Beth Chance (Cal Poly San Luis Obispo) and Nathan Tintle (Dordt College)
Tuesday, March 12, 2019 - 2:00pm
We recently initiated the Statistical Thinking in Undergraduate Biology (STUB) network to facilitate interdisciplinary conversations between statistics and biology educators. A key focus of the network is how to better communicate across disciplines about course goals, identify synergies and create on-campus conversations with biologists teaching statistical content in their courses. In this webinar, we’ll share our experiences from the first workshops, assessment activities and curriculum development activities of the network and give some reflections on best practices, opportunities, and next steps.
Adam Childers and David Taylor, Roanoke College
Tuesday, February 12, 2019 - 2:00pm
Classroom Stats is an integrated mobile and web-based data collection and analysis platform.
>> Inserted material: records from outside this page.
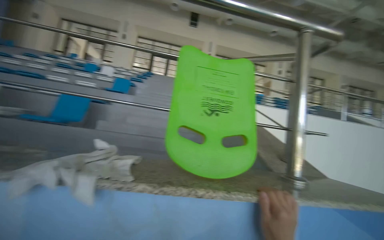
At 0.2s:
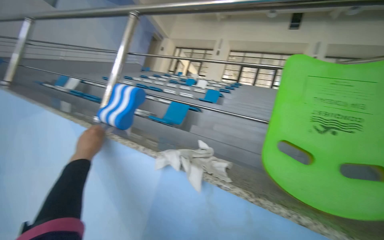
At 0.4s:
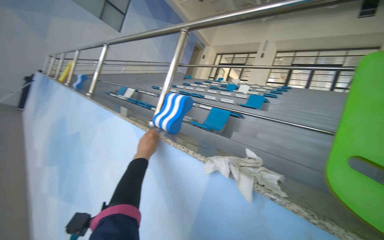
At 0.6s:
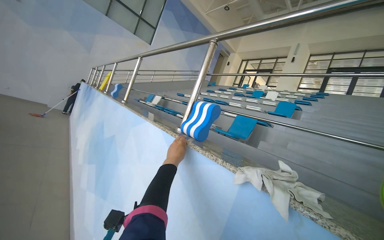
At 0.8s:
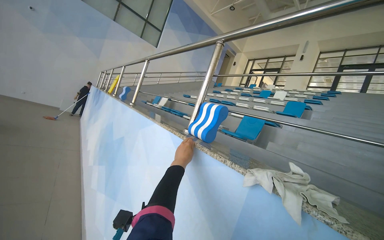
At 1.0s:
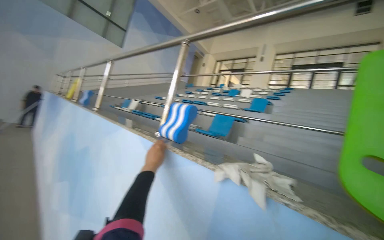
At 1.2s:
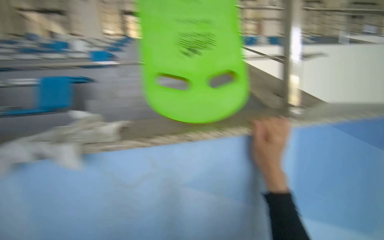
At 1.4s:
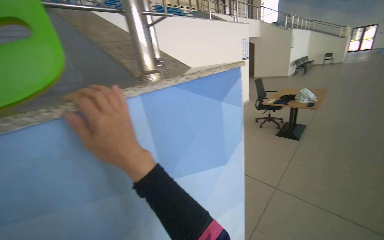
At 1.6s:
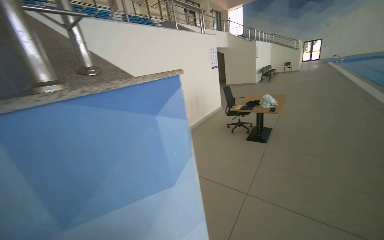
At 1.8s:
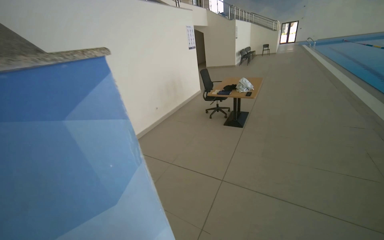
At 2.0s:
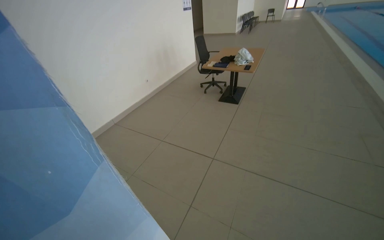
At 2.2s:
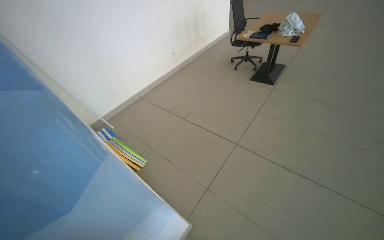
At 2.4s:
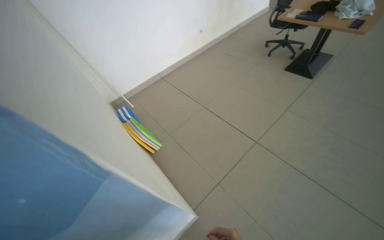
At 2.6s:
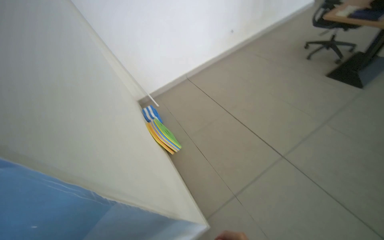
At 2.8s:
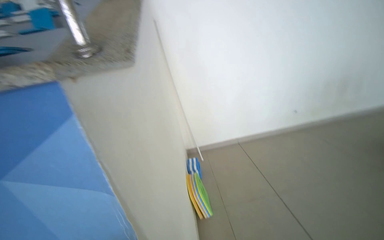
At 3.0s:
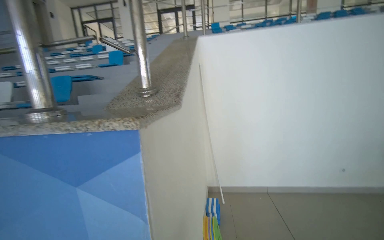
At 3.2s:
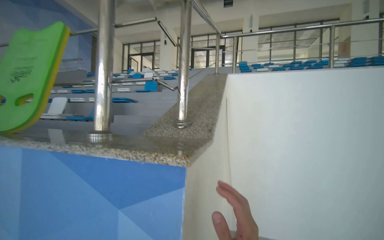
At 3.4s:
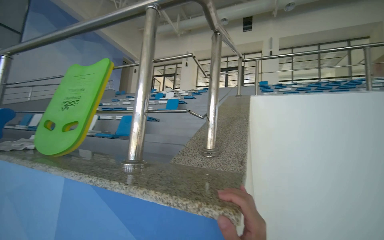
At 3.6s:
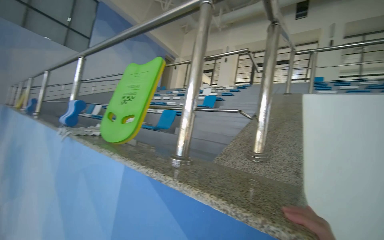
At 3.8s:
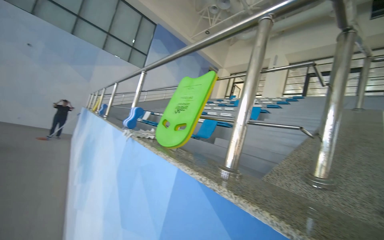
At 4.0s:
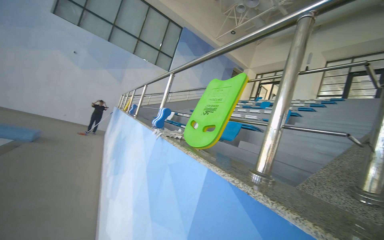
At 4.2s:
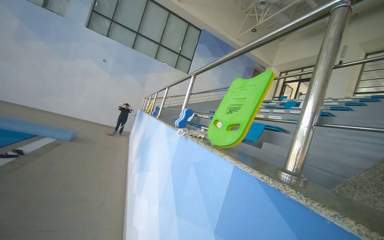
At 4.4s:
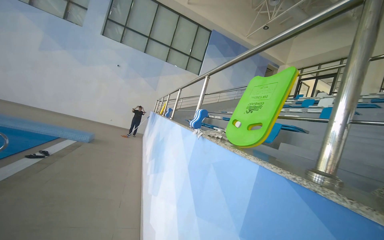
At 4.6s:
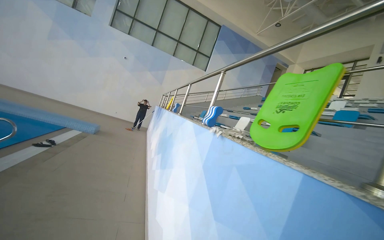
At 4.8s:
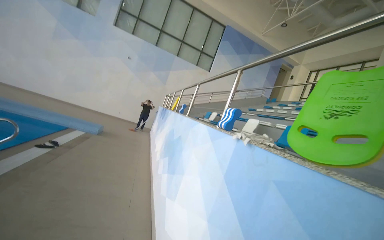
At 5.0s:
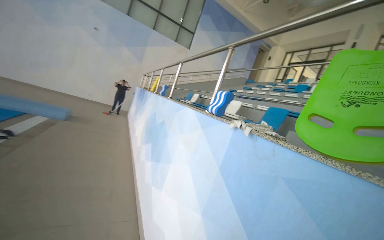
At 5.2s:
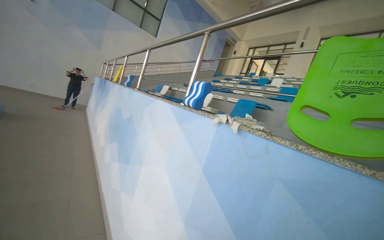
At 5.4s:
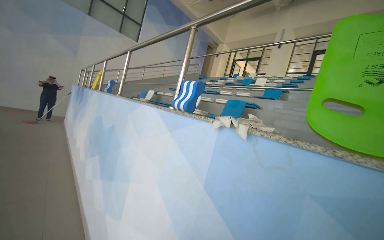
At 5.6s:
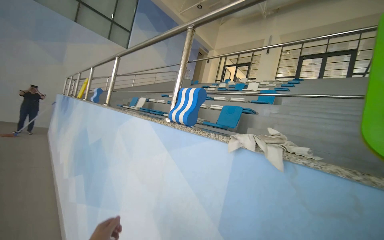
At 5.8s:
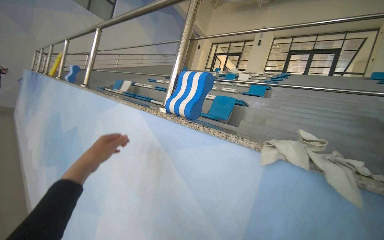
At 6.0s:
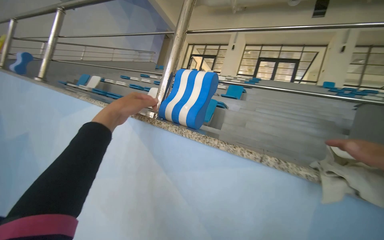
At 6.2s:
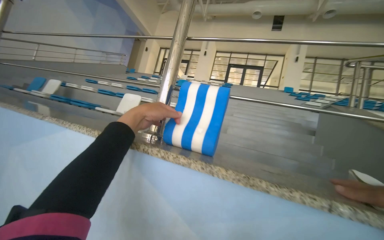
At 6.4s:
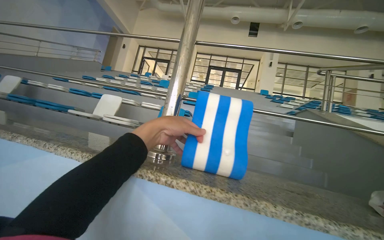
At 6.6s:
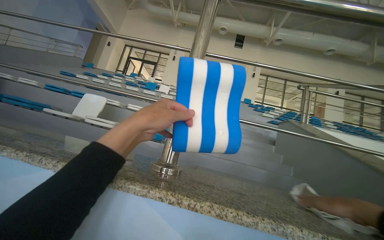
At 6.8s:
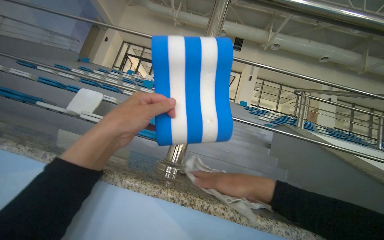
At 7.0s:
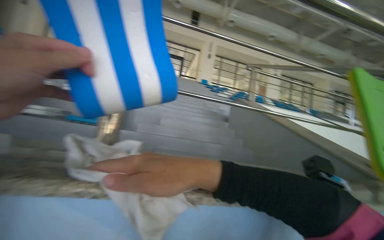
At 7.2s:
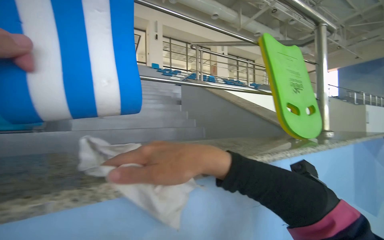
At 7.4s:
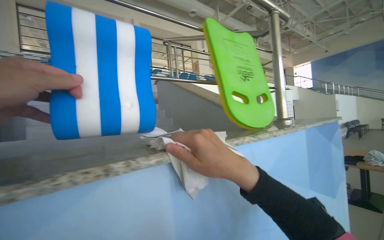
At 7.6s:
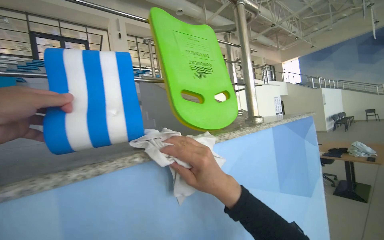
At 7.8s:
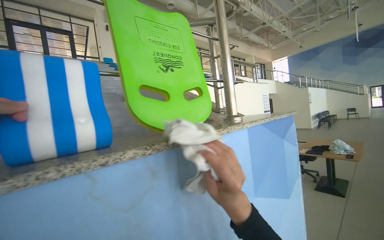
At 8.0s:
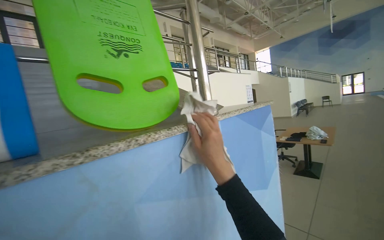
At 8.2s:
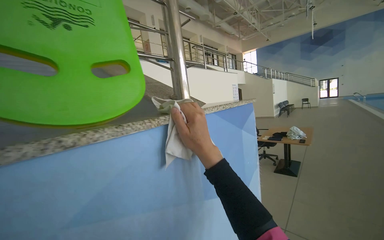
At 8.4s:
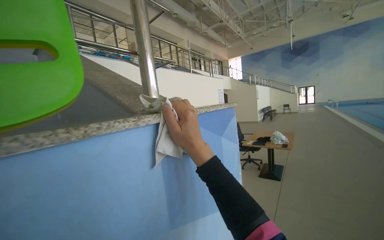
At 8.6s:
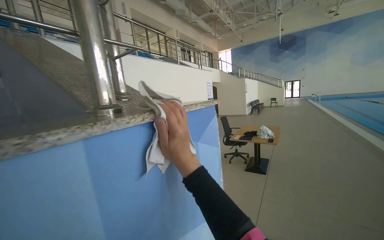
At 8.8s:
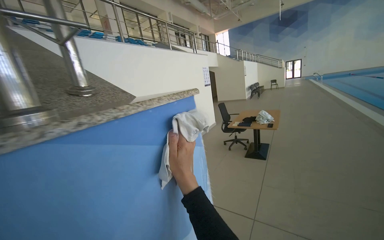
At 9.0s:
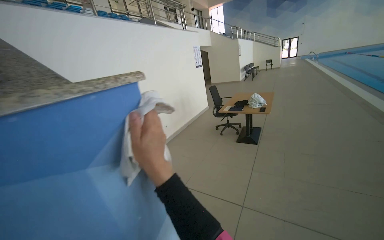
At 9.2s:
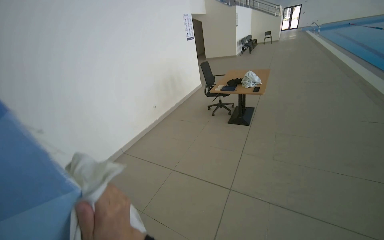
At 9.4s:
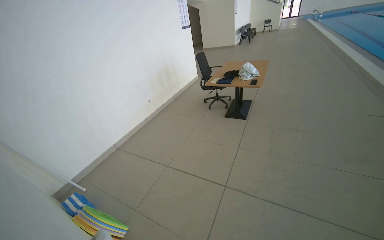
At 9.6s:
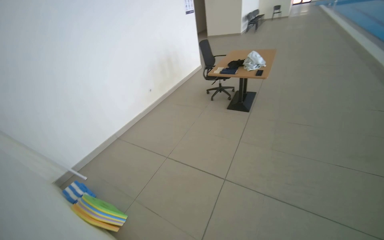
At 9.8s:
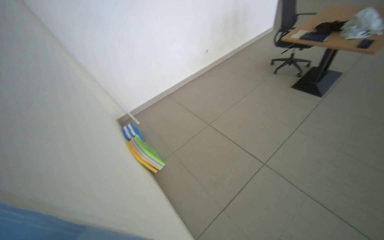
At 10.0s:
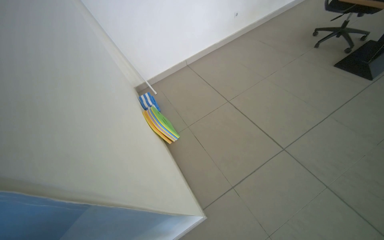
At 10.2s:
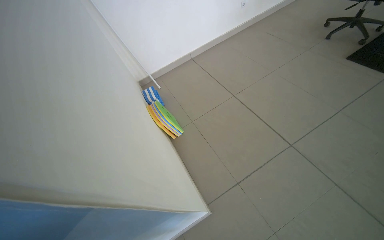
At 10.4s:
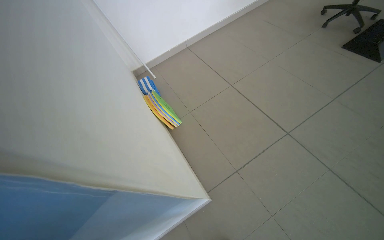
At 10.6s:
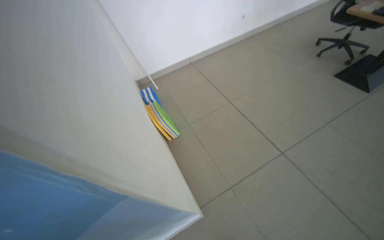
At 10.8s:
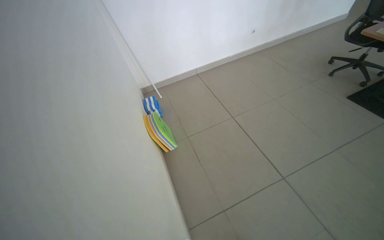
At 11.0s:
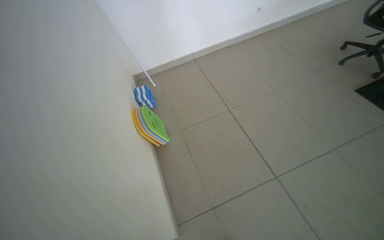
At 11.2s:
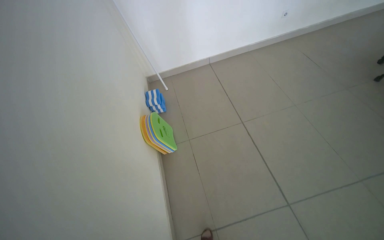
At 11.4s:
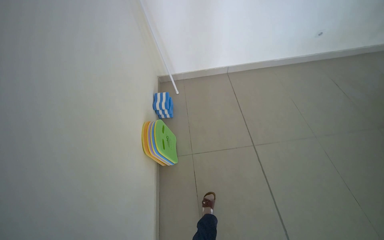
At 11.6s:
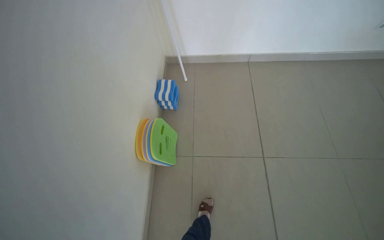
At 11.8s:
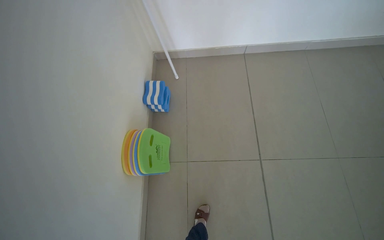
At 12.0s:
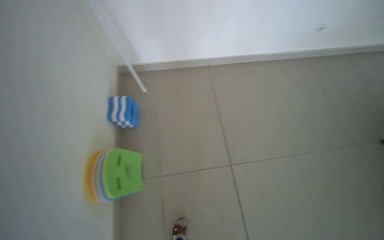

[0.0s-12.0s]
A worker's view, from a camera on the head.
Job: wiping surfaces.
The whole recording: Wiping pool ledge. The worker wipes the pool ledge with a white cloth, moving kickboards and floats.
0.0s to 1.6s: The head turns to the right by about 55 degrees.
1.6s to 3.0s: The wearer moves about 60 cm. The wearer looks approximately 60 degrees further to the left.
3.0s to 4.4s: The wearer looks about 65 degrees further to the left. The view tilts approximately 20 degrees upward.
4.4s to 6.0s: The camera travels approximately 1 m. The camera is aimed roughly 40 degrees further to the right. The wearer looks roughly 15 degrees further downward.
6.0s to 7.6s: The wearer looks approximately 65 degrees further to the right.
7.6s to 9.0s: The head travels roughly 80 cm. The view pans to the right by about 25 degrees. The view tilts about 20 degrees downward.
9.0s to 10.4s: The camera travels roughly 40 cm. The head rotates roughly 30 degrees to the left. The camera pitches downward, by some 45 degrees.
10.4s to 12.0s: The camera is carried some 1 m. The camera pitches downward, by about 15 degrees. The scene turns approximately 25 degrees clockwise in the picture.

Instructors can quickly send out questions (quantitative and categorical) through the web application that students can answer on their mobile devices and see the results analyzed in real time. Classroom Stats makes teaching and learning statistics fun and interactive as it seamlessly integrates students’ data into the classroom.
Yubaihe Zhou and Dennis Pearl (Penn State University)
Wednesday, January 9, 2019 - 2:00pm
Each summer ten Penn State undergraduate statistics majors develop R Shiny apps for teaching and then field-test them in courses the following academic year. This webinar will describe this summer research program and its benefits for the students involved, and also showcase the apps produced for both introductory and upper division statistics courses (they are available at https://shinyapps.science.psu.edu/).
Philipp Burckhardt, Francis R. Kovacs, Rebecca Nugent, and Ron Yurko
Tuesday, December 11, 2018 - 2:00pm
In an effort to respond to the growing need to support active engagement with the entire data analysis pipeline at the introductory level, Carnegie Mellon Statistics & Data Science is building ISLE (Integrated Statistics Learning Environment), an interactive, e-learning platform that removes the computing cognitive load and lets students explore Statistics & Data Science concepts in structured and unstructured ways. Usable both inside and outside of the classroom, the browser-based platform also supports student-driven inquiry and case studies. The platform is flexible enough to allow adaptation, providing different modes of data analysis instruction, active learning opportunities, group work, and exercises for different subsets of the population. Students are also able to build their own case studies with little restriction or faculty intervention. In an effort to characterize different student approaches to data analysis, we track and model every click, word used, and decision made throughout the data analysis pipeline from loading the data to the final written report. These metrics can be displayed to instructors, some in real-time and some in report format. In this demonstration, we will give an overview of ISLE’s capabilities and show some insightful examples of modeling student behavior (changing over time) with a particular focus on how students write about data. Webinar participants will be able to interact with an ISLE Data Explorer during the talk.